Someone was watching him.

Slowly and carefully, Harry clenched his hand into a fist. In a single instant he was ready to draw his wand with a mere flick of his wrist. The only warning he had was a chirping, cheerful voice.

"Smile, Harry!"

Harry turned at the sound of his name, wand instinctively pointed at the threat and found himself blinded. Blinking furiously, Harry rubbed his eyes barely making out the figure with a camera before shooting off a stunning spell.

"Harry!" Ron yelped from beside him, putting down his glass and dragging his friend's wand arm down and away from a gibbering first year.

Mortified that he'd nearly blasted a fellow Gryffindor, Harry was quick to apologize. "I-I'm sorry. Not quite awake yet," he explained hurriedly, trying to ignore the stares and snickers of some other students. "I don't believe we've met, I'm--"

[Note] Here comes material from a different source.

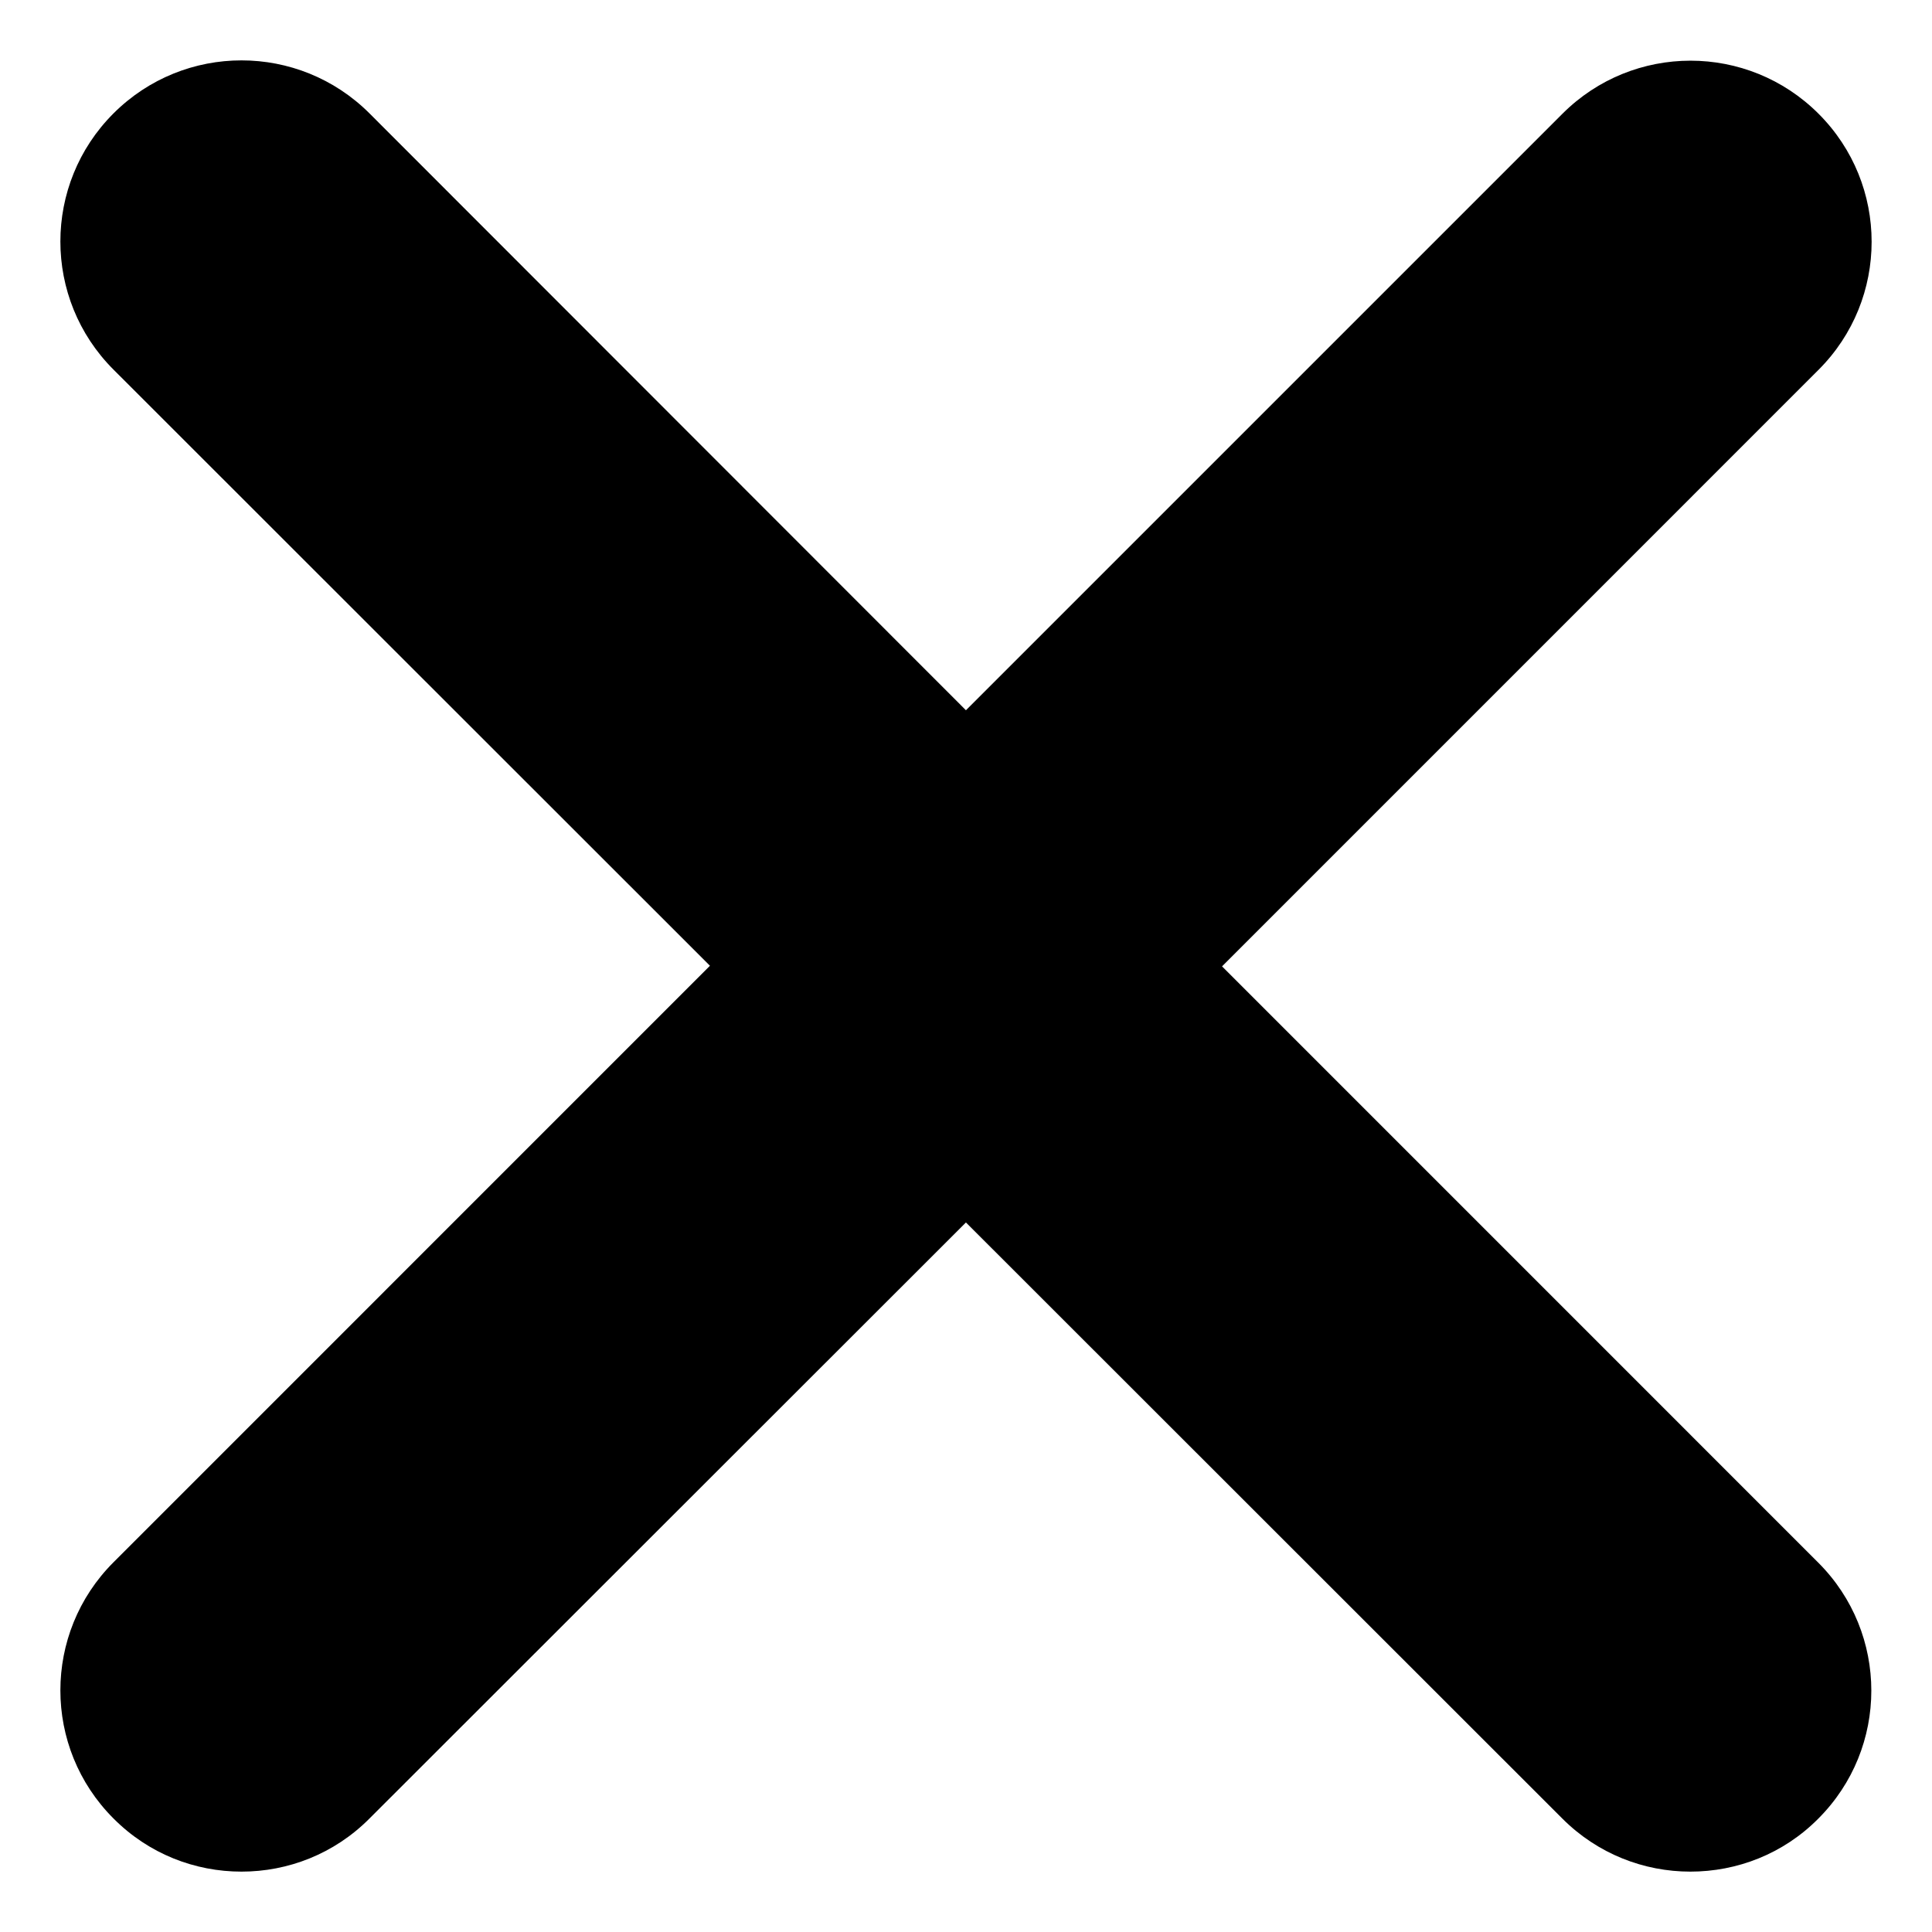 <svg width="32" height="32" viewBox="0 0 32 32" fill="currentColor">
    <path d="M30.116 25.882C31.288 27.053 31.288 28.952 30.116 30.123C29.535 30.709 28.767 31 27.998 31C27.229 31 26.462 30.707 25.877 30.121L15.999 20.248L6.121 30.119C5.535 30.709 4.768 31 4 31C3.232 31 2.465 30.709 1.879 30.119C0.707 28.947 0.707 27.049 1.879 25.877L11.759 15.996L1.879 6.121C0.707 4.949 0.707 3.051 1.879 1.879C3.051 0.707 4.949 0.707 6.121 1.879L15.999 11.764L25.879 1.884C27.051 0.712 28.949 0.712 30.121 1.884C31.293 3.055 31.293 4.954 30.121 6.125L20.241 16.006L30.116 25.882Z"/>
</svg>

The first year seemed to have recovered from near hex and was now bouncing about in excitement. "Harry! Harry Potter, born July 31, 1980. You're the youngest seeker in a century and the Boy Who Lived," the blond boy breathlessly exclaimed. "I'm Colin. Colin Creevey. I know loads about you; I've read all about you too. I read it aloud to my dad and he wanted to see what you looked like, and there are no pictures of you, so I thought that I could get some and send them off to my dad. My Dad's a milkman. He was terribly excited when I got my Hogwarts letter. Up till then, everybody thought I was a bit mad what with doing magic and all."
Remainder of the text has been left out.